[Opening Data shown section]

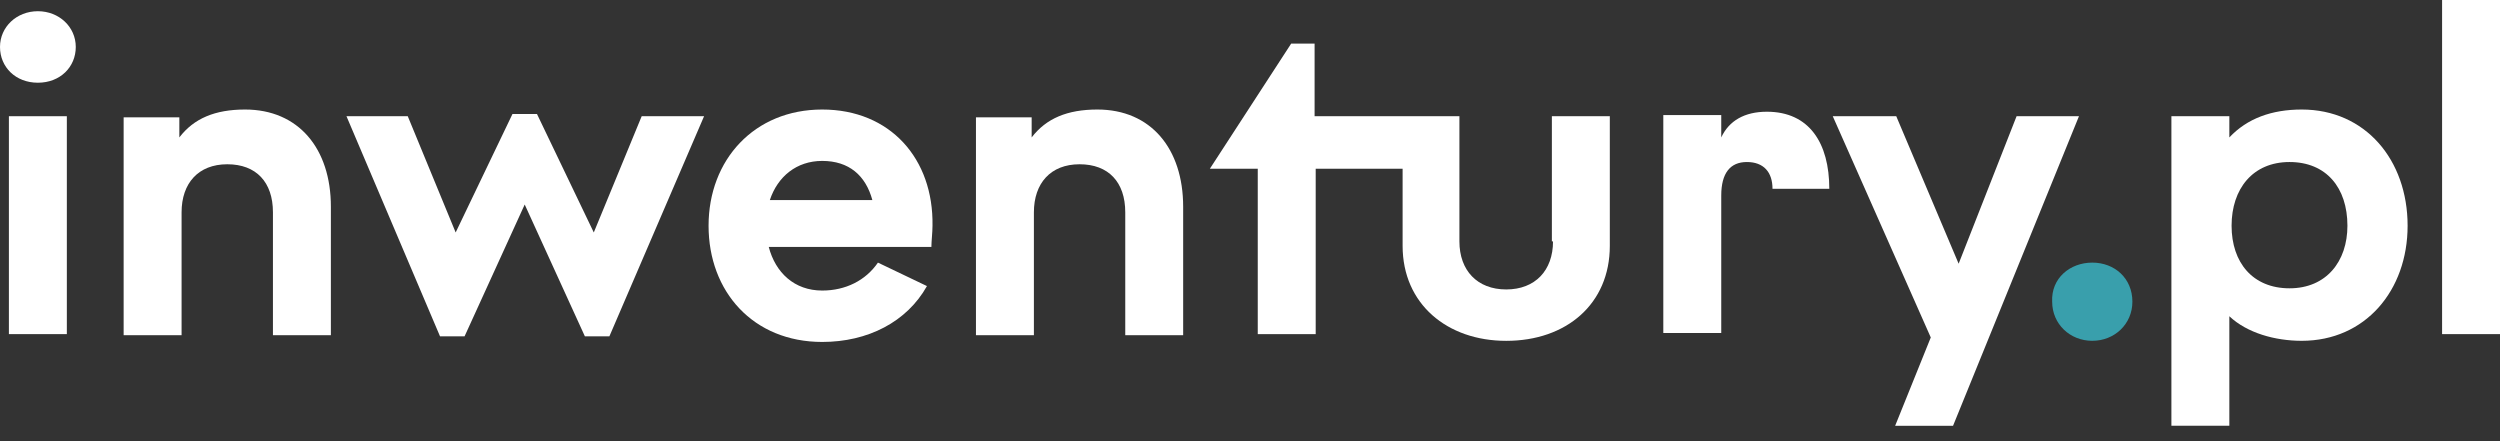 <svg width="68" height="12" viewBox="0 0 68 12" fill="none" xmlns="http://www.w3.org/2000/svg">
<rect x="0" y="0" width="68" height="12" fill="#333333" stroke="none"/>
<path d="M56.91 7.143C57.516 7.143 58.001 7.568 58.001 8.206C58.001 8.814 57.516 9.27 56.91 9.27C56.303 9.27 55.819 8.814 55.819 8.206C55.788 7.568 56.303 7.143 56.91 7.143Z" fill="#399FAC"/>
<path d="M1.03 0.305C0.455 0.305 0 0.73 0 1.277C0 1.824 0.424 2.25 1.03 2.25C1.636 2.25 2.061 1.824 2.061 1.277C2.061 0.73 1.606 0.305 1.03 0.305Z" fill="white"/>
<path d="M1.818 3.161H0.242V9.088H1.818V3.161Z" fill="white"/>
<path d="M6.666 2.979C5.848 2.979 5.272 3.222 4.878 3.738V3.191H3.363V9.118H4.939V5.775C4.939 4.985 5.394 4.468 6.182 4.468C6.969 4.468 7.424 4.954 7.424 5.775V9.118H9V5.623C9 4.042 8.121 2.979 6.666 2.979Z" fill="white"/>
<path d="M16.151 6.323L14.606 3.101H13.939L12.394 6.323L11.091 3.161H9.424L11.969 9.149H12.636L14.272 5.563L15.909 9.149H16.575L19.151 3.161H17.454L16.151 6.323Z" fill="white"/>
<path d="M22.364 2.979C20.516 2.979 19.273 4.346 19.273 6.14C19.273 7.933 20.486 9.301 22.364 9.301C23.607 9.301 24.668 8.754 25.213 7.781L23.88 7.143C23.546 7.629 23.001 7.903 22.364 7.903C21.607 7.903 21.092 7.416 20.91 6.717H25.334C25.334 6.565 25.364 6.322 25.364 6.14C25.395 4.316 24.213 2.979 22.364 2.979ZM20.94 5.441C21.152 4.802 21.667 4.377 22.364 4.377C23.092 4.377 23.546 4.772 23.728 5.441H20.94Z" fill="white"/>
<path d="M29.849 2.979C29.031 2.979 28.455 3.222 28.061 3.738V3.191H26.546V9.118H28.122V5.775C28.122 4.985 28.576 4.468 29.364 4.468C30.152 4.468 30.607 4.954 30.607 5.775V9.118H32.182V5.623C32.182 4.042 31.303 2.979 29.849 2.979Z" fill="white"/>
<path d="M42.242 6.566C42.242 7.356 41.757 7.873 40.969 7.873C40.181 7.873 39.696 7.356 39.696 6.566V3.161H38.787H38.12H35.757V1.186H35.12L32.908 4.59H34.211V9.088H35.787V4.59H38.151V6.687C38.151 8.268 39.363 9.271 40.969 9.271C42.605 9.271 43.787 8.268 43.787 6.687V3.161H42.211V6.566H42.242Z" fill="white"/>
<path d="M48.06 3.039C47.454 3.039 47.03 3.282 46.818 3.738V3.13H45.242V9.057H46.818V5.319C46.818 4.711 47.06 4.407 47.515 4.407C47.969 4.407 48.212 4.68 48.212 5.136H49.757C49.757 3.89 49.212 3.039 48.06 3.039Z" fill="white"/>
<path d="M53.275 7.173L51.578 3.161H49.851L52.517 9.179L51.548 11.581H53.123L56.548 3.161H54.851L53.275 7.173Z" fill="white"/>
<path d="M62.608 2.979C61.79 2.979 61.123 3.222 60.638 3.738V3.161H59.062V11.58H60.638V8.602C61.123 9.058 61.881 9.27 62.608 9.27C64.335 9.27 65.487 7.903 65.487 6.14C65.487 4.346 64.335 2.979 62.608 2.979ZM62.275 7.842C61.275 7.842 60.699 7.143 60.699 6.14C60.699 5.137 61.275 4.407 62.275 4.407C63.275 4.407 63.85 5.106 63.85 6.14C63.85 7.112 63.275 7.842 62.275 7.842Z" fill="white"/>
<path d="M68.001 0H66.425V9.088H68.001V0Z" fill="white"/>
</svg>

[Closing Data shown section]
[Opening Data shown section]

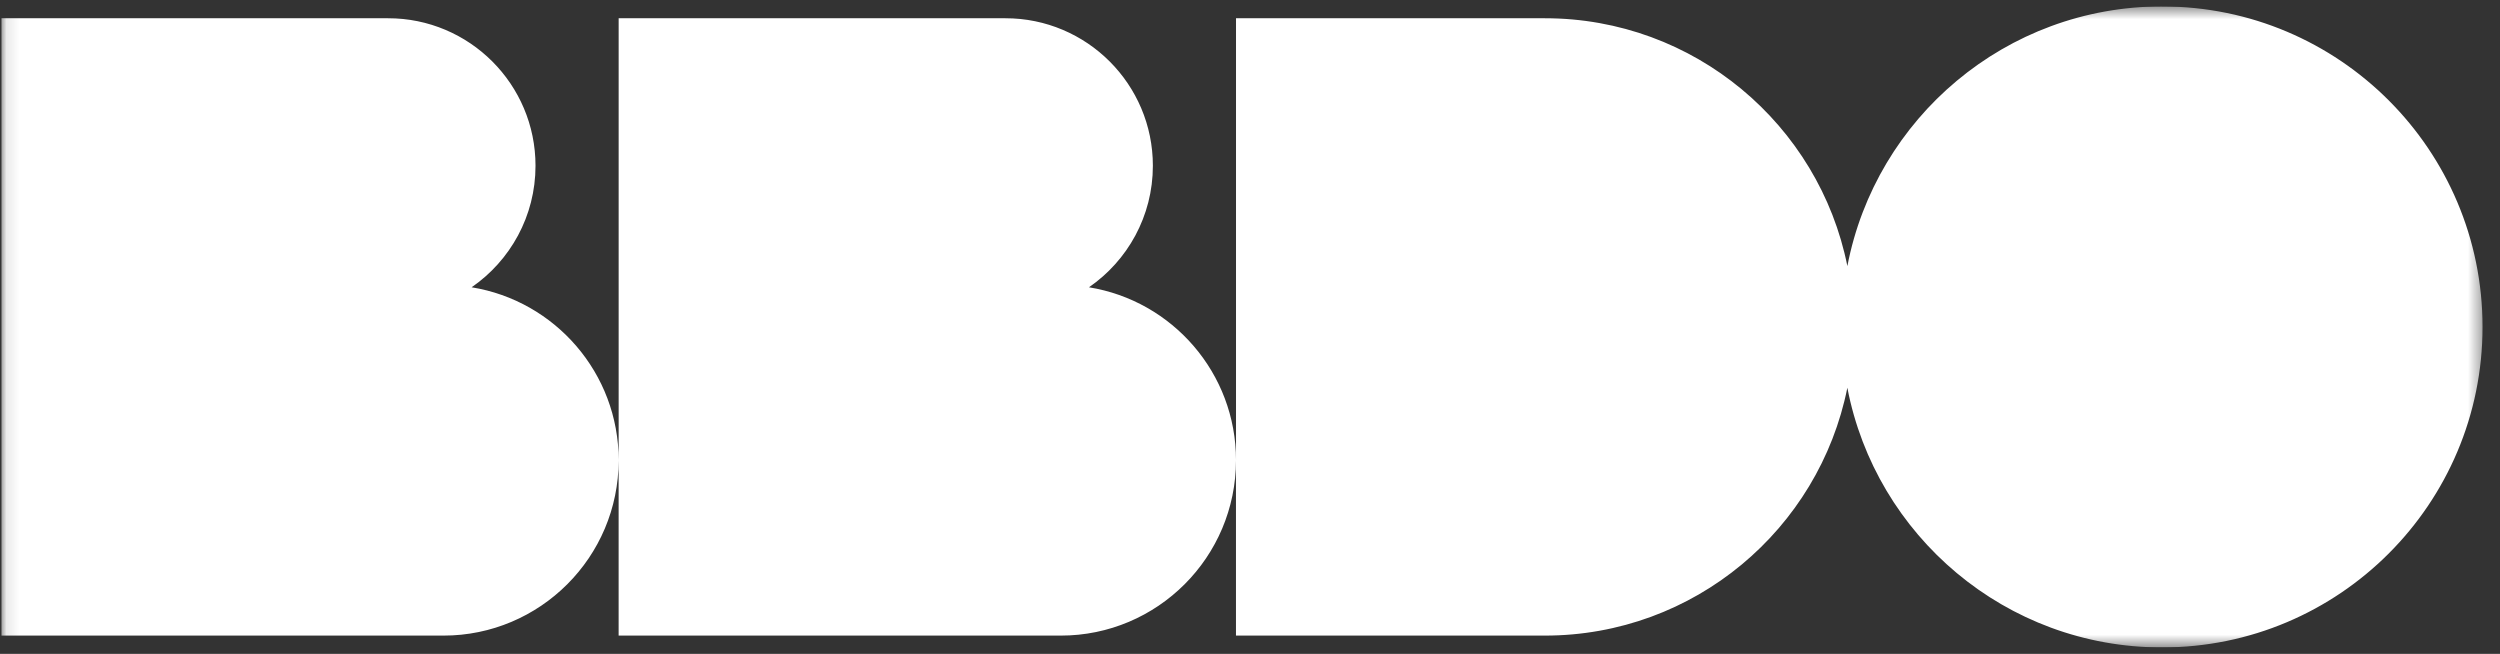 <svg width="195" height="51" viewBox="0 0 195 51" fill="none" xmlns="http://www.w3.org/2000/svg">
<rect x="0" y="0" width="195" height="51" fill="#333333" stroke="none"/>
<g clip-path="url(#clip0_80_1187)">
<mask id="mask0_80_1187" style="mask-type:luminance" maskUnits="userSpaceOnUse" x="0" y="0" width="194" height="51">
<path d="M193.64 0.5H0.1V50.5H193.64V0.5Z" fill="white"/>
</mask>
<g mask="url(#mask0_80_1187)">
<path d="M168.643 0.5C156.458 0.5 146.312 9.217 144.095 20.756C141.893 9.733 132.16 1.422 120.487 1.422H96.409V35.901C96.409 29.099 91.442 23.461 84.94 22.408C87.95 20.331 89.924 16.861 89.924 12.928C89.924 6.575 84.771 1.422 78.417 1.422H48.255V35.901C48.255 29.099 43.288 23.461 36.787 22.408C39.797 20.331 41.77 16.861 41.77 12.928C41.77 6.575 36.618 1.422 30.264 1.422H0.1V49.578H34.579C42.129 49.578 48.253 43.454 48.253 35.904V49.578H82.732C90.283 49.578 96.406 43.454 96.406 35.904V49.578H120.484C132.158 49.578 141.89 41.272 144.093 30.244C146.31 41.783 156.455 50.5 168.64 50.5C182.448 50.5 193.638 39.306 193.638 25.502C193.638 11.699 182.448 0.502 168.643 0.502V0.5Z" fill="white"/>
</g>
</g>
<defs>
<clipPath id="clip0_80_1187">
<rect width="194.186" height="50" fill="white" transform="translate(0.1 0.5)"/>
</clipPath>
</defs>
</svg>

[Closing Data shown section]

# What you should do
Each line of the entries where the string "stroke" occurs should be shown.

# Written response
<rect x="0" y="0" width="68" height="12" fill="#333333" stroke="none"/>
<rect x="0" y="0" width="195" height="51" fill="#333333" stroke="none"/>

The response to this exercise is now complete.